2.      Sheehan’s syndrome – another form of panhypopituitarism, often with an insidious onset. This syndrome is caused by a pituitary infarction after complications of postpartum hemorrhage. It is thought that the infarction may be caused by vascular spasms of the hypophyseal arteries, resulting in a decreased blood flow to the pituitary, tissue hypoxia and necrosis.

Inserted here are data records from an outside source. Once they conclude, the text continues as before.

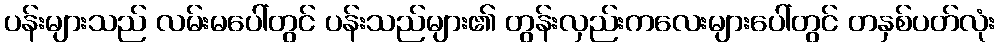
ပန်းများသည် လမ်းမပေါ်တွင် ပန်းသည်များ၏ တွန်းလှည်းကလေးများပေါ်တွင် တနှစ်ပတ်လုံး
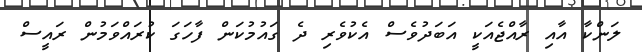
ލަންކާ އާއި ރާއްޖެއަކީ އަބަދުވެސް އެކުވެރި ދެ ގައުމުކަން ފާހަގަ ކުރައްވަމުން ރައީސް
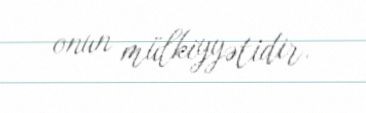
onun mülkiyyətidir.
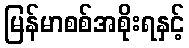
မြန်မာစစ်အစိုးရနှင့်
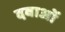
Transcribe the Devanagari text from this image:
दवाअों
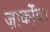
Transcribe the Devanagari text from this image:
ज़ार्कोव।
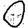
Digit: 0
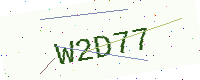
Text: W2D77
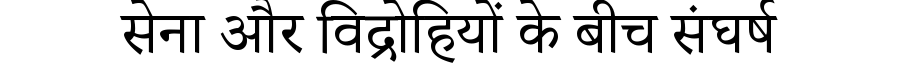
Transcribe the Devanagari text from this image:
सेना और विद्रोहियों के बीच संघर्ष
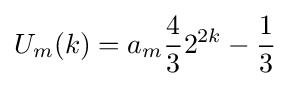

During pregnancy, the pituitary is slightly enlarged from an increased demand of hormones, causing an increased need for nutrients and oxygen to the pituitary cells. This may make it more susceptible to the hypoxia induced by the vascular spasms. The first symptom of Sheehan’s syndrome is failure of lactation (decreased PRL) and postpartum amenorrhea (decreased FSH and LH). The number of symptoms and the severity depend on the actual amount of pituitary tissue destroyed. Decreased TSH results in hypothyroidism (dry skin, coarse hair, bradycardia, hypotension). Mineralocorticoids from the adrenal cortex are usually not affected by decreased ACTH, so plasma sodium is generally normal. If the posterior as well as the anterior pituitary is damaged, the patient may also have diabetes insipidus. Sheehan’s syndrome is more likely to develop in women with poor prenatal care. This syndrome is becoming a rare disorder largely because of improved prenatal care.